3619  Bitcoin / Armory / Re: Raspberry Pi: strange performance. on: September 16, 2014, 03:55:21 AM
The encryption code uses scrypt's precursor to derive the encryption key from your password (that's to reduce the brute force attack vector). When the wallet is encrypted for the first time, Armory defaults to a flat derivation processing time (I think ~2sec).

That time is obviously based on the performance of the machine encrypting the wallet. Take that back to a RPi, and what was expected to be 2 sec will become much longer. You can manually set the kdf size for your wallet in order to reduce that time. Or restore the wallet through your backup on the Pi and encrypt from it instead.

There is also another case. If your wallet has address entries without the private keys (if you extended the chain without decrypting the wallet first), it will have to compute the missing keys up until the highest one needed in for the transaction to be signed, which is outrageously long on a RPi.

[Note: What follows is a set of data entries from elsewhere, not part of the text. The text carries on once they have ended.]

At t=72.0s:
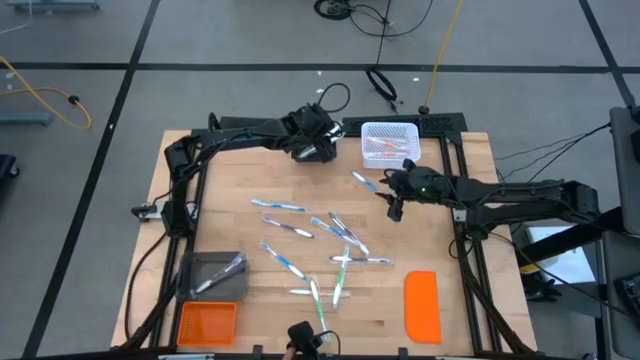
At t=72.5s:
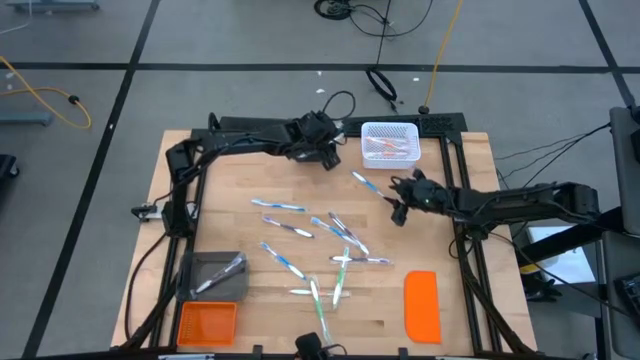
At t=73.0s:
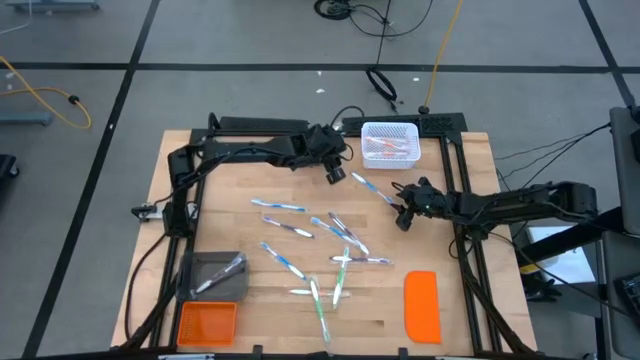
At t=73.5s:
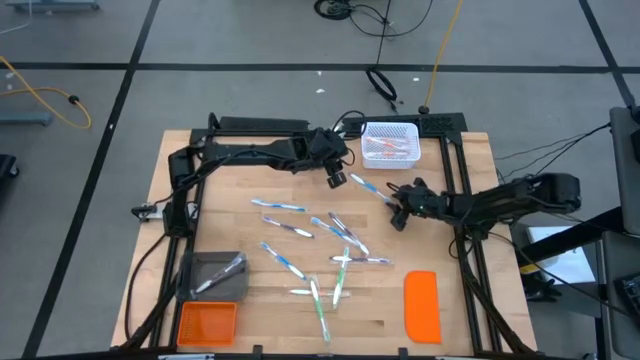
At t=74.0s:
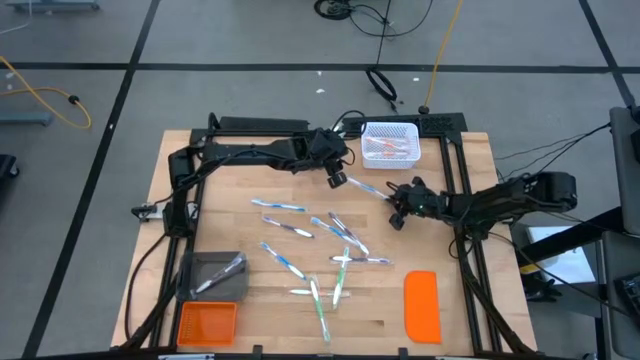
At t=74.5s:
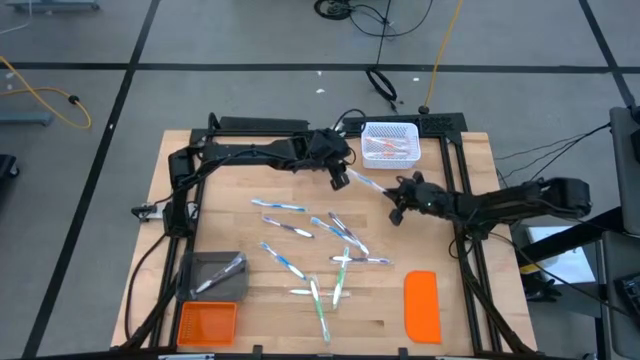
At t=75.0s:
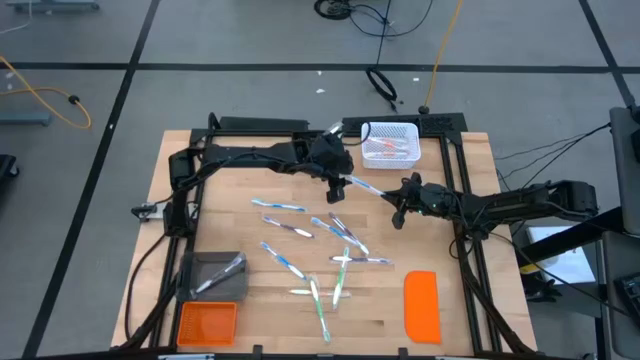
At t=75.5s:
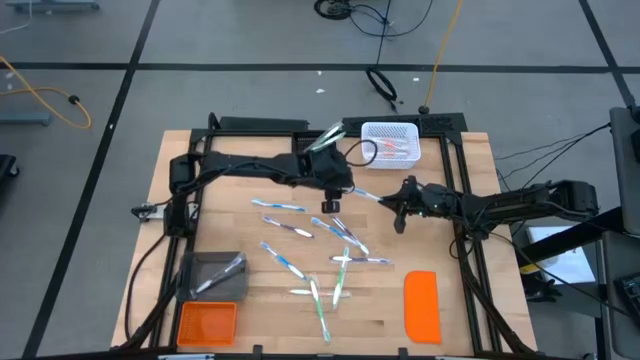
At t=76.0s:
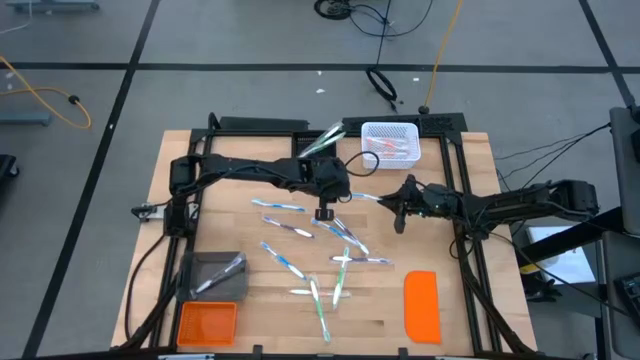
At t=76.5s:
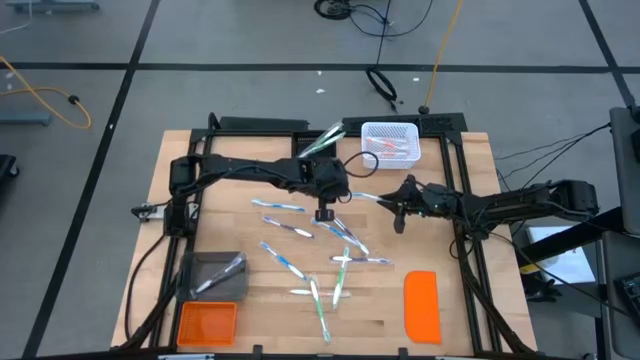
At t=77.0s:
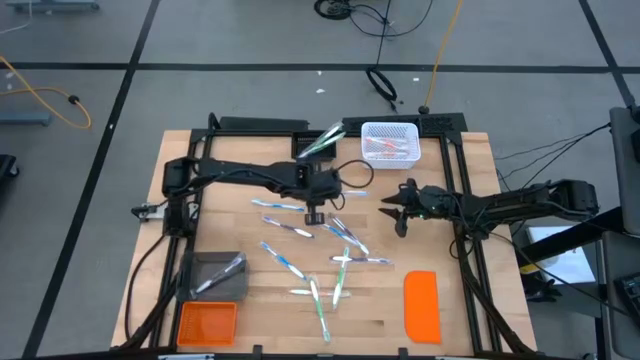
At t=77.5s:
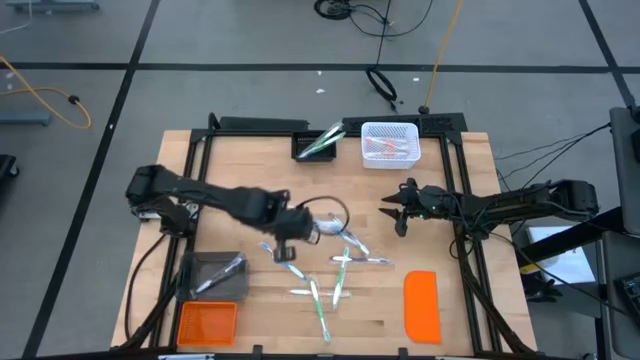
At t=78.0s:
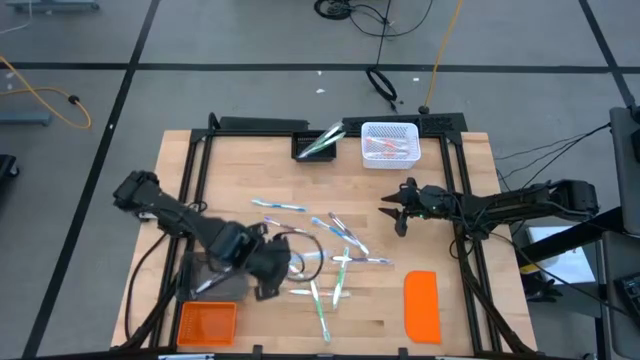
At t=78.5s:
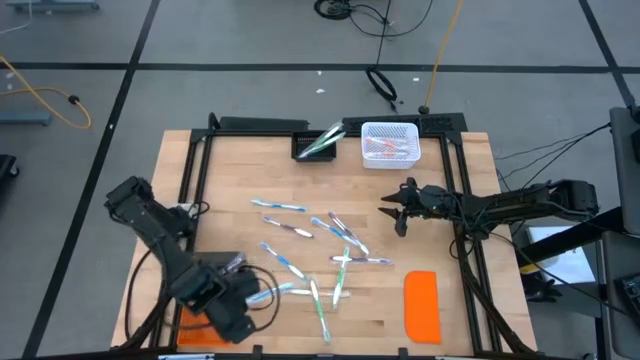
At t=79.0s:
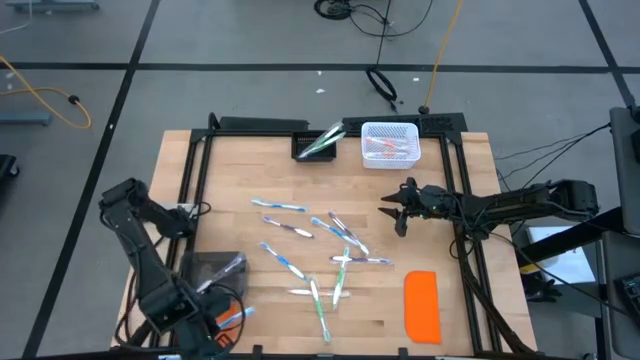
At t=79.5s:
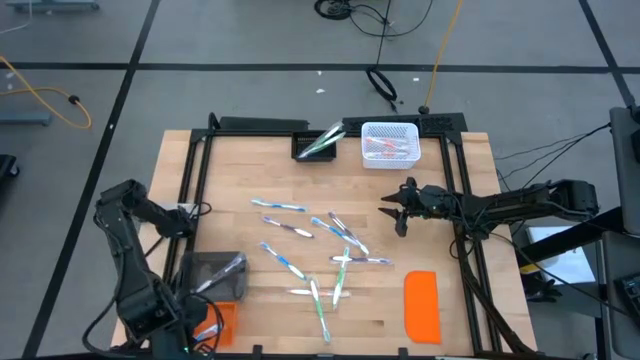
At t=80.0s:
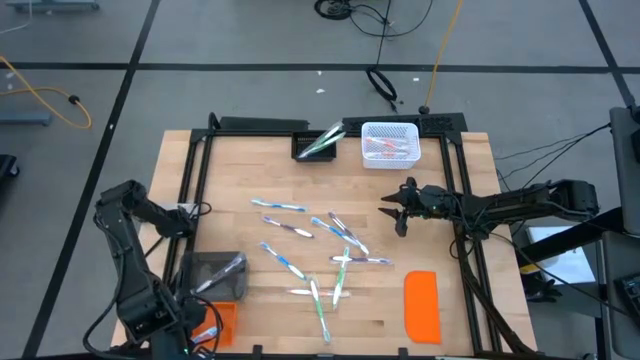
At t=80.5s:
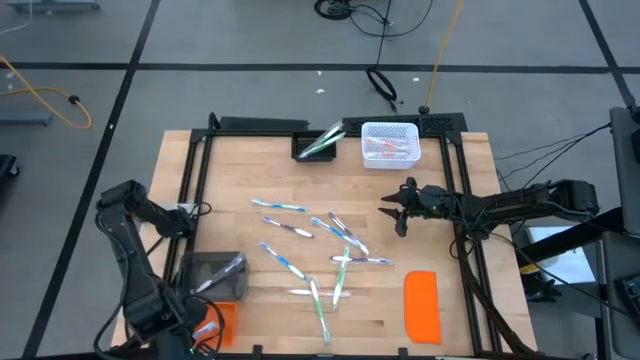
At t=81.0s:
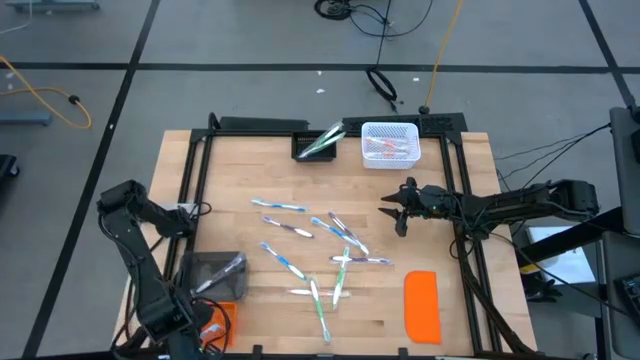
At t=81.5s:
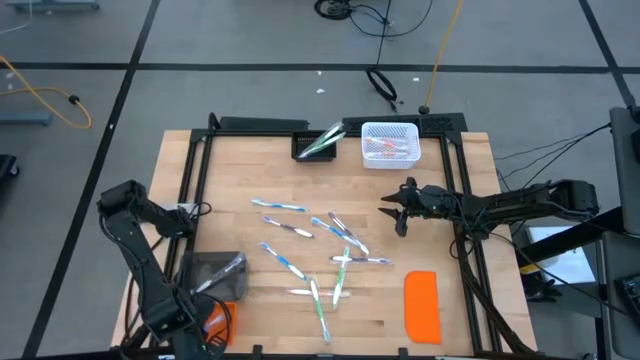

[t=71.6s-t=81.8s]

This will only happen once per missing key however.
3620  Bitcoin / Armory / Re: Feature request: better functionality of sendmany Txs & Tx task scheduling on: September 09, 2014, 02:05:42 AM
This can all be part of a plugin for sure.

Additionally, a client should permit task scripting. I should be able to set a daily, weekly, or annual time for a particular payment script to execute - with user confirmation required, of course. This last feature request has so many use cases, I don't think I need to spell them out for anyone. Smiley

As long as your wallet is either encrypted or offline it can't spend coins for you. It could however prepare a transaction for you to sign at the due date.


I agree, automatic recurring payments would be awesome. Even awesomer if they could integrate with an price discovery API, like bitcoinaverage.com  (useful for people that have to send x-amount of fiat every month).

There are plans to add a price ticker plugin.